The activation of ethanol fermentation is required for recycling NAD+ under limited oxygen conditions, which is essential for maintaining glycolysis. To maintain ethanolic fermentation effectively, ADH and PDC activities are important. Therefore, to determine the contributions of key enzymes to ethanol fermentation by T. versicolor, ADH activity was analysed in mycelia grown in MBMC, G11XY11, G6XY11 and G2XY11 media after 18, 66, 114, 234 and 354 h of cultivation at 27°C under hypoxic conditions. Its ADH activity in MBMC media increased continuously during this time (Fig. 4a), reaching 119.5 ± 4.9 μmol min−1 g−1 protein, and was correlated with ethanol production. Furthermore, ADH activity in the xylose and glucose mixtures increased rapidly over 66 h, but declined rapidly after 114 h in all three mixtures (Fig. 4b). Interestingly, although significant differences were recorded in ethanol production among mycelia cultivated in the different xylose and glucose mixtures over 354 h, surprisingly, their ADH activities were similar and showed similar trends (Fig. 4b).

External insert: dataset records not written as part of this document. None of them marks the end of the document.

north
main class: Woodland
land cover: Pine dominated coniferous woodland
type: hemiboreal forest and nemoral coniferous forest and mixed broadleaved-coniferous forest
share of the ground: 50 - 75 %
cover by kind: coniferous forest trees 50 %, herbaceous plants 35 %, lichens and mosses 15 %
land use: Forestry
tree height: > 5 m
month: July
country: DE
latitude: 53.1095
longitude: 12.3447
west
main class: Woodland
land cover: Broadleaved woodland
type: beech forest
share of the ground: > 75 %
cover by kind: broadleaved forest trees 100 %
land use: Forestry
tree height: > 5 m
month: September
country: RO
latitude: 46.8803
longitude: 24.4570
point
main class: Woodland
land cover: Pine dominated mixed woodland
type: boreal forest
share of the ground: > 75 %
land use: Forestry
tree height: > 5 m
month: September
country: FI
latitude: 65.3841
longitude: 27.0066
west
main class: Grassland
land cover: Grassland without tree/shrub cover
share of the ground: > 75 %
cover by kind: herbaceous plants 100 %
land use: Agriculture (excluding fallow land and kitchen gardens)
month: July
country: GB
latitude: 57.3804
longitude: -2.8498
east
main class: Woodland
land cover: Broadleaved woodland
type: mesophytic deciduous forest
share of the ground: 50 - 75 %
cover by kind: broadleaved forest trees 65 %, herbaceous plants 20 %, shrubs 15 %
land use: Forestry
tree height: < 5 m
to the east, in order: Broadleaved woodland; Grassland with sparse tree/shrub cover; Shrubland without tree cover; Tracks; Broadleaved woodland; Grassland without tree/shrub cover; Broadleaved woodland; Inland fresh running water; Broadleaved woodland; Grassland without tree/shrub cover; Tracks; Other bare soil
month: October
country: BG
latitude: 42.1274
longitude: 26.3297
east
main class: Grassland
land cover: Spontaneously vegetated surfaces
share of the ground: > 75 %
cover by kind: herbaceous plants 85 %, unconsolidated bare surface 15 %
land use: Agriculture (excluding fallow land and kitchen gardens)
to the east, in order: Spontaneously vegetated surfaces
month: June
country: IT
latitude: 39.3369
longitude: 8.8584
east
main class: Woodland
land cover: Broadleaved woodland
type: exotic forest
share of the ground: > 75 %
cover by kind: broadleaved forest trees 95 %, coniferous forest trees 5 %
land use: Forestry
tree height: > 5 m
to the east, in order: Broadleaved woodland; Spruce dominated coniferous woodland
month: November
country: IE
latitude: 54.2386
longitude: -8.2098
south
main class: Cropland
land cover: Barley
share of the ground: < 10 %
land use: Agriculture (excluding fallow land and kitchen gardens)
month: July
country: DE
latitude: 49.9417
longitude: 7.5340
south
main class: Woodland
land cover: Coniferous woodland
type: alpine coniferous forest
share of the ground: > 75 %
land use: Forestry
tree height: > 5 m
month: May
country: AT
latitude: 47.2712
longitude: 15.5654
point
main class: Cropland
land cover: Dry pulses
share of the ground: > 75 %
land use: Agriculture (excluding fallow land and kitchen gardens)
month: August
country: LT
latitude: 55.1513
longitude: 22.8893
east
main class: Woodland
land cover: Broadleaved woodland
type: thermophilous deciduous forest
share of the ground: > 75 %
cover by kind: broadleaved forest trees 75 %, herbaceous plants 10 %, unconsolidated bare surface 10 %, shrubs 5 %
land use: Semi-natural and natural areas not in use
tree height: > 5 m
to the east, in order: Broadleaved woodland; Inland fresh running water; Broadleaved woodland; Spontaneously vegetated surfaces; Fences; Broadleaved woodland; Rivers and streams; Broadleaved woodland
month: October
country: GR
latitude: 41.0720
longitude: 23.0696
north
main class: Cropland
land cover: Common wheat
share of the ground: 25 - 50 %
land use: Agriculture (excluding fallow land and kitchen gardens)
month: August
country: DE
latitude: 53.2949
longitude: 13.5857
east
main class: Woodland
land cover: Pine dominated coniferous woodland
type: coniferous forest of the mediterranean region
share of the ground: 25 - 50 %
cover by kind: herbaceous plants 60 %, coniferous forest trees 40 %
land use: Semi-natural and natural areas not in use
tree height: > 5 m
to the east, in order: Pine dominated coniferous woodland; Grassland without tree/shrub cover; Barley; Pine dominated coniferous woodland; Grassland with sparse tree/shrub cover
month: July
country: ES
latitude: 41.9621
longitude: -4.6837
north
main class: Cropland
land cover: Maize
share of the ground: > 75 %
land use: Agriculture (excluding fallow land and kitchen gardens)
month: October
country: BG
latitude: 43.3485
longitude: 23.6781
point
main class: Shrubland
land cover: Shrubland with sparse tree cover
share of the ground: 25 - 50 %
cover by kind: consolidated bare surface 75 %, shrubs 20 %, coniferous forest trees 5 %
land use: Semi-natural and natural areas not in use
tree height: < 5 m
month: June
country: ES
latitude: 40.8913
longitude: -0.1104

Rapid increases in ADH activity during 66 h of cultivation observed in all three glucose and xylose mixtures were correlated with the ethanol production in the respective cultures (Fig. 4b). In addition, over 66 h with all three glucose and xylose mixtures, biomass production (Fig. 3a) was correlated with XR, XDH and XK activities (Fig. 3b), providing further evidence that T. versicolor expresses xylose catabolic pathways as well as producing ethanol during the active growth stage in all hexose and xylose mixtures used here.